# Collusive Voting

## Introduction

It is a well-documented phenomenon that Eurovision members generally have voting biases towards (and against) other specific members, suggesting that countries may not be voting entirely on the quality and popularity of entry songs alone. 

To this end, we implement a modified version of the collusion detection algorithm introduced in [Derek Gatherer's paper in the Journal of Artificial Societies and Social Simulation](http://jasss.soc.surrey.ac.uk/9/2/1.html). 


## 1. Reading and cleaning data

The data is obtained from [datagraver](https://data.world/datagraver/eurovision-song-contest-scores-1975-2019/workspace/file?filename=eurovision_song_contest_1975_2019v5.xlsx), with some incorrect information edited out, such as Belarus giving Russia both 12 (correct) and 0 (incorrect) televote points in the 2019 grand final.

### Import modules

In [None]:
import numpy as np
import pandas as pd

# plotting
import matplotlib.pyplot as plt
import networkx as nx


import itertools

# initialize random seed
from numpy.random import default_rng
rng = default_rng()


# import common functions
import sys
import os
module_path = os.path.abspath(os.path.join('..'))
if module_path not in sys.path:
    sys.path.append(module_path+"/modules")

import functions as common_functions


### Read data

In [None]:
# original:https://data.world/datagraver/eurovision-song-contest-scores-1975-2019/workspace/file?filename=eurovision_song_contest_1975_2019v5.xlsx
# note that the data for 2019 Final: Belarus has been corrected by removing incorrect score reports.
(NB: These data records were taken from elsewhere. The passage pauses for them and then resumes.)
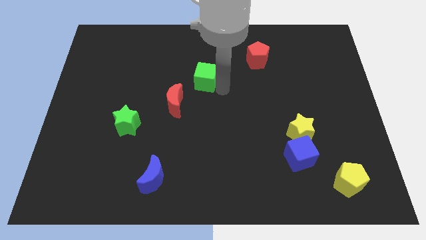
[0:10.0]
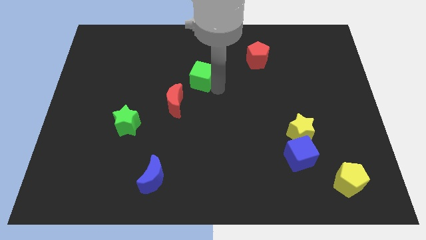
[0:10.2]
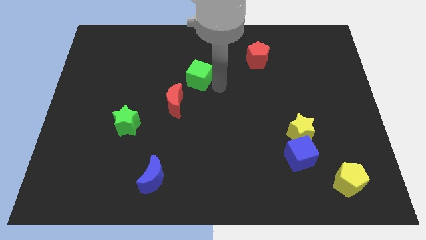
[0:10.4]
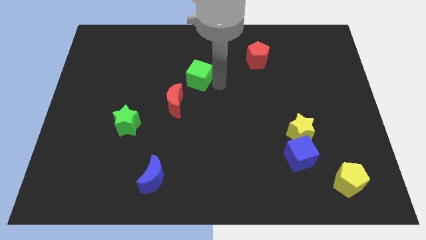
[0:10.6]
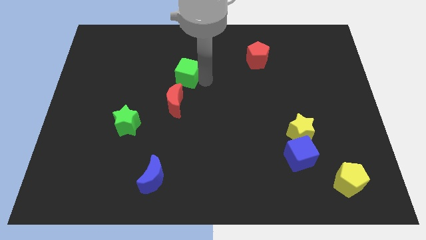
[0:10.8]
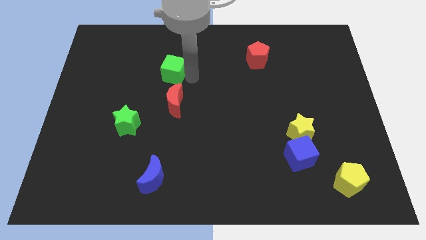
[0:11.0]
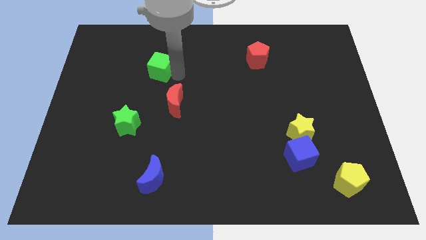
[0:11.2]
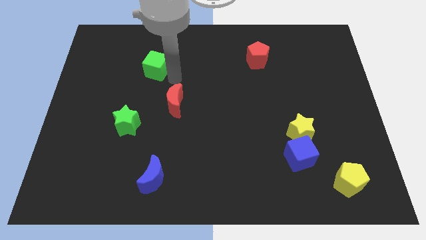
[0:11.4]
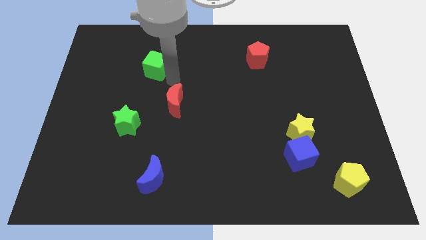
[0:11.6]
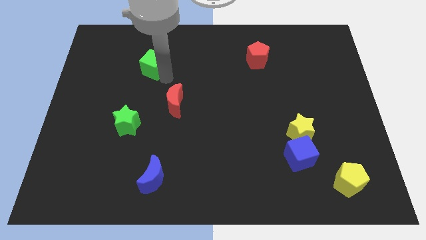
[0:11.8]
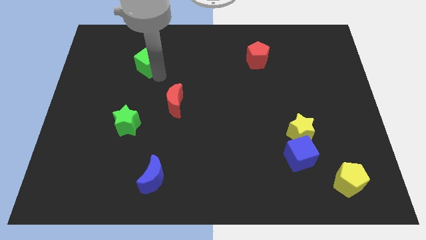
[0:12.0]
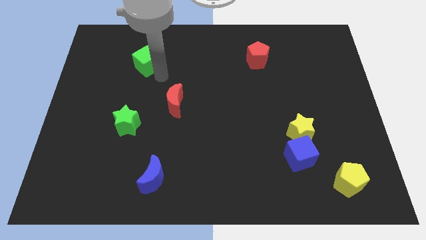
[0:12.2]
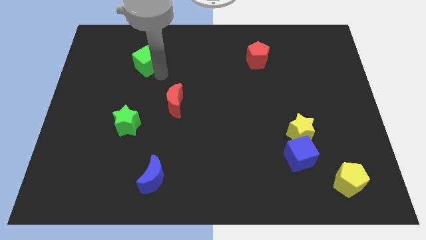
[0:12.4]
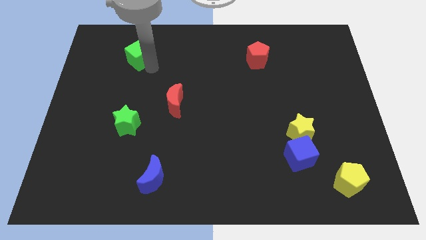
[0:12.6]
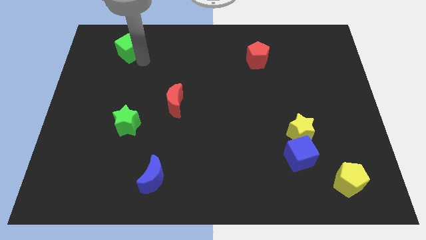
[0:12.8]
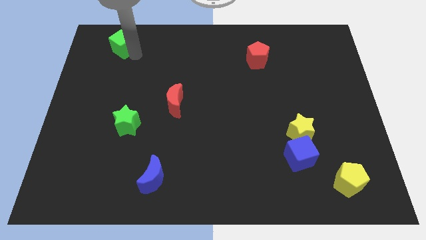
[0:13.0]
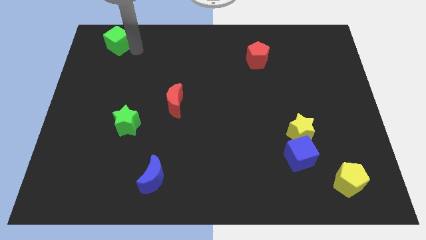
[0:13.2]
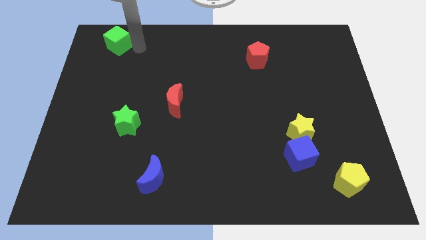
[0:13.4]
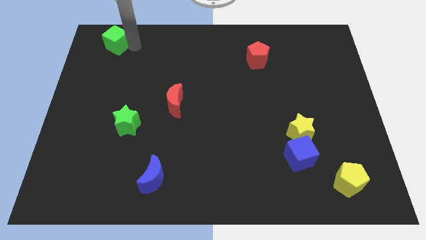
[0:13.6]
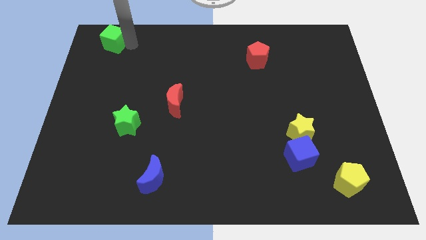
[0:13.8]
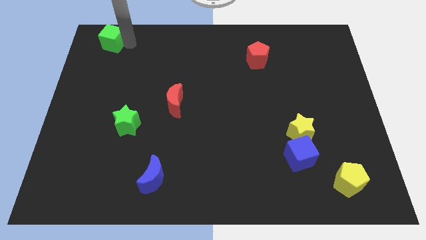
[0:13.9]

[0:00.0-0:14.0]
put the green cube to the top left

In addition, 2018f's "The Netherands" has been corrected to "The Netherlands".
csv = pd.read_csv("./eurovision_song_contest_1975_2019v5.csv")

csv.head()


### Clean / modify CSV data

In [None]:
# rename columns
csv = csv.rename(columns={"Jury or Televoting" : "Jury_or_Televoting", "From country": "From_country", "To country" : "To_country"})

# select only grand finals data
csv = csv[ (csv["(semi-) final"] == "f") & (csv["Duplicate"] != "x") & (csv["From_country"] != csv["To_country"]) ] 

# select only relevant columns and drop duplicates
csv = csv[ ["Year", "Jury_or_Televoting", "From_country", "To_country", "Points"] ].drop_duplicates()

# rename FYR Macedonia to North Macedonia. This choice is arbitrary and not meant to be political.
csv["From_country"].replace({"F.Y.R. Macedonia": "North Macedonia"}, inplace=True)
csv["To_country"].replace({"F.Y.R. Macedonia": "North Macedonia"}, inplace=True)

csv.head()


In [None]:
# for collusive voting, combine the jury and televoting votes.
combined_csv = csv.join(
    csv.set_index(["Year", "From_country", "To_country"]), 
    on=["Year", "From_country", "To_country"], 
    lsuffix="_Jury", 
    rsuffix="_Televote",
    how="right"
)
combined_csv = combined_csv[(combined_csv.Year < 2016) | ( (combined_csv.Year >= 2016) & (combined_csv.Jury_or_Televoting_Jury == "J") & (combined_csv.Jury_or_Televoting_Televote == "T") )]

combined_csv.loc[combined_csv.Year <= 2015, "Points_Televote"] = 0 # Dual voting begun in 2016

combined_csv.drop(['Jury_or_Televoting_Jury', 'Jury_or_Televoting_Televote'], axis=1, inplace=True)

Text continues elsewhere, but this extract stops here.